I want to prove that knowing $P(A \mid C) > P(B \mid C)$ and $P(A \mid C^c) > P(B \mid C^c)$ then $P(A) > P(B)$. I feel like I know this is true, but every time I try to break down the formulas with Baye's formulas and such I keep hitting a dead end. Is there any way someone can give me a hint on where to start, or maybe this is wrong and there is some counter example I should give.
Once again the idea is to prove that knowing $P(A \mid C) > P(B \mid C)$ and $P(A \mid C^c) > P(B \mid C^c)$ then $P(A) > P(B)$.

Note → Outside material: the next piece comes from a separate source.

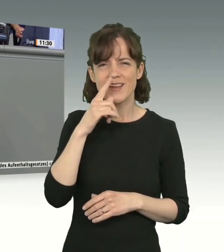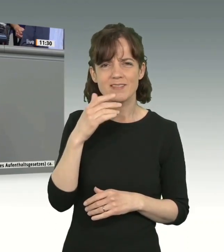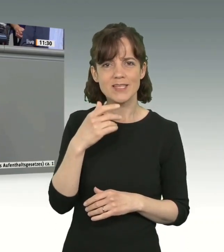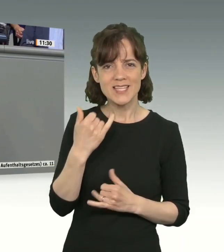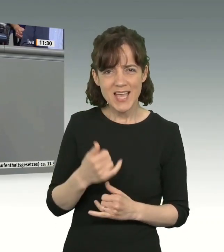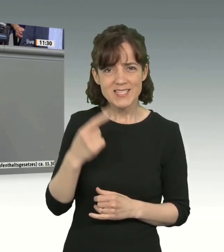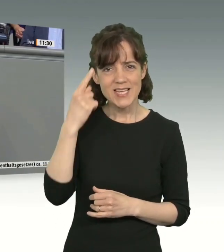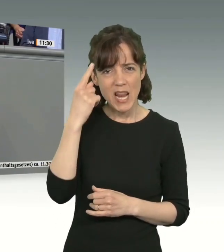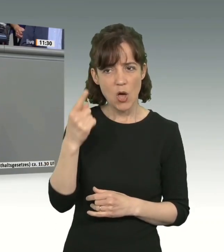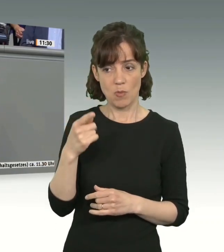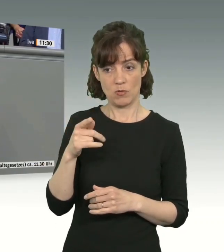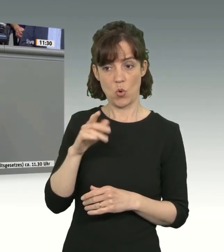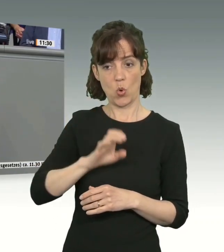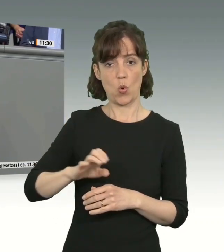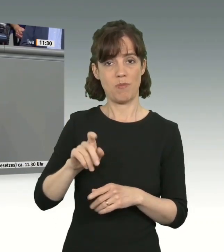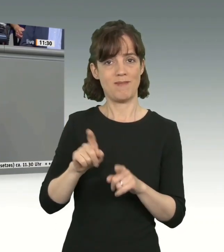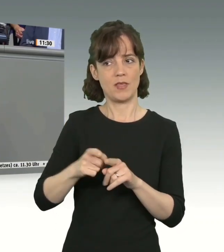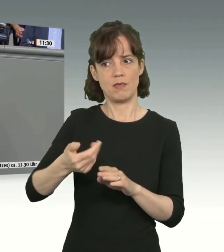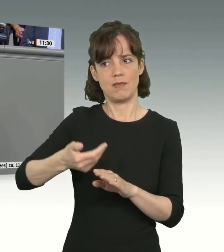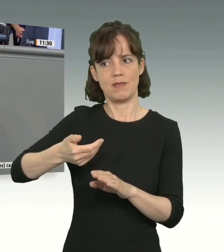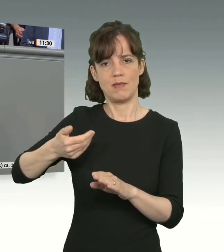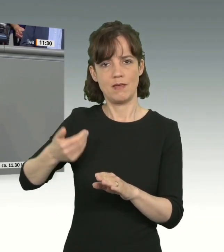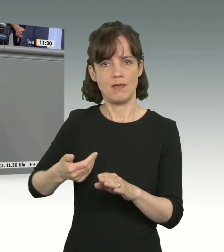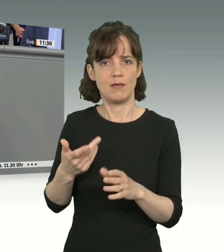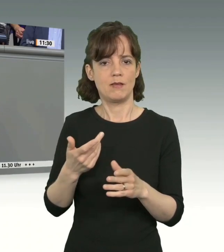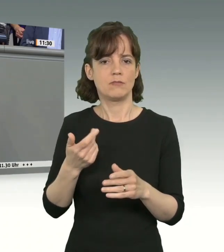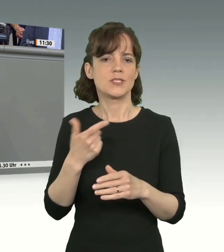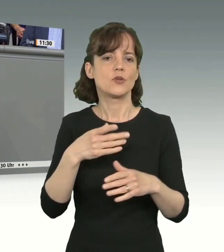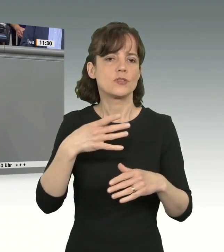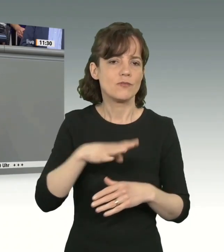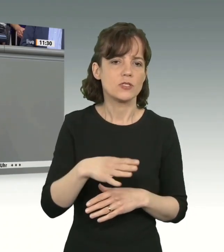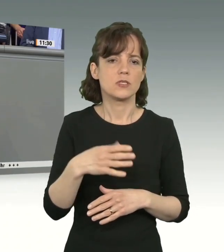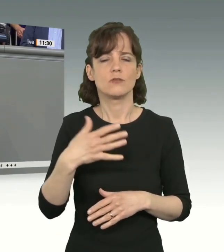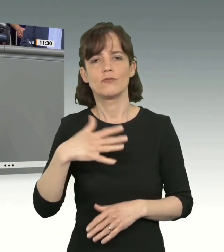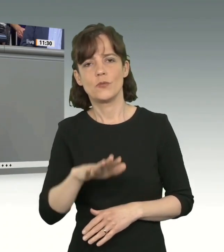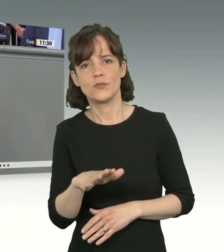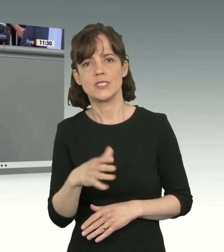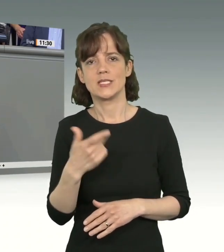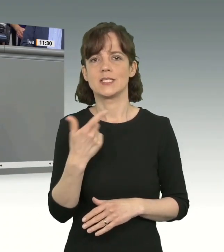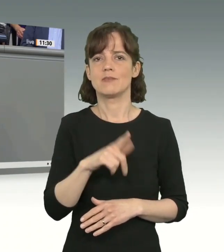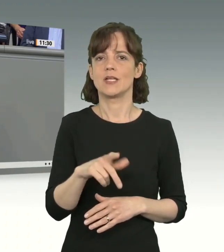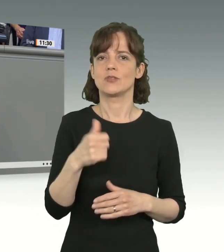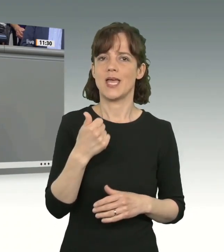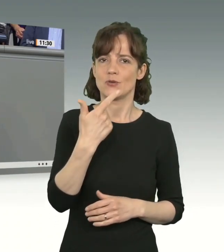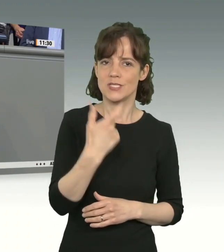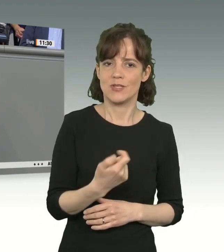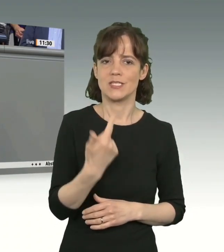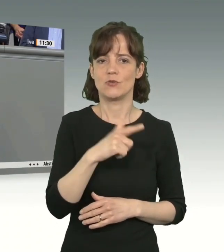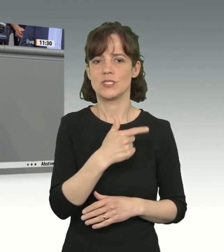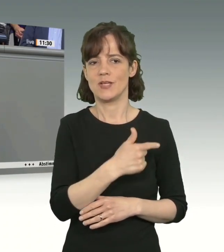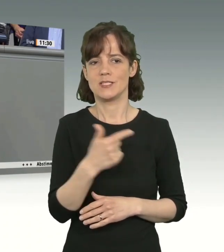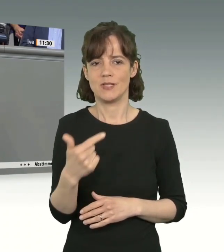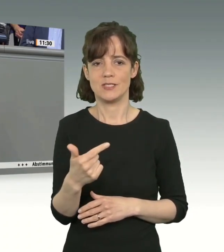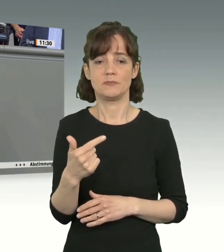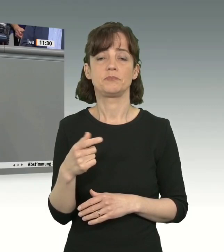so wie in den vergangenen Jahrzehnten, nicht noch einmal zuvor, 2014, 2015, 2021, 2022

 A: Notice that the first relation implies that $\textbf{P}(A\cap C) > \textbf{P}(B\cap C)$.
Similarly, the second restriction implies that $\textbf{P}(A\cap C^{c}) > \textbf{P}(B\cap C^{c})$.
Based on the such assumptions, one has that:
\begin{align*}
\textbf{P}(A\cap C^{c}) - \textbf{P}(B\cap C^{c}) = \textbf{P}(A) - \textbf{P}(A\cap C) - \textbf{P}(B) + \textbf{P}(B\cap C) > 0
\end{align*}
where the last result tells us that:
\begin{align*}
\textbf{P}(A) - \textbf{P}(B) > \textbf{P}(A\cap C) - \textbf{P}(B\cap C) > 0
\end{align*}
which is exactly the property we are looking for.
Hopefully this helps!
A: We know:
\begin{align*}
P(A \mid C) & > P(B \mid C) \\
P(A \mid C^{\mathsf{c}}) & > P(B \mid C^{\mathsf{c}}) \\
P(C) & > 0 \\
P(C^{\mathsf{c}}) & > 0 \\
P(A) & = P(A \mid C) P(C) + P(A \mid C^{\mathsf{c}}) P(C^{\mathsf{c}}) \\
P(B) & = P(B \mid C) P(C) + P(B \mid C^{\mathsf{c}}) P(C^{\mathsf{c}})
\end{align*}
Note that $P(C) > 0$ is an implicit hypothesis, otherwise $P(A \mid C)$ is not defined. Likewise $P(C^{\mathsf{c}}) > 0$ is an implicit hypothesis, otherwise $P(A \mid C^{\mathsf{c}})$ is not defined.
From all these, it follows:
\begin{align*}
P(A \mid C) P(C) + P(A \mid C^{\mathsf{c}}) P(C^{\mathsf{c}}) & > P(B \mid C) P(C) + P(B \mid C^{\mathsf{c}}) P(C^{\mathsf{c}}) \\
P(A) & > P(B)
\end{align*}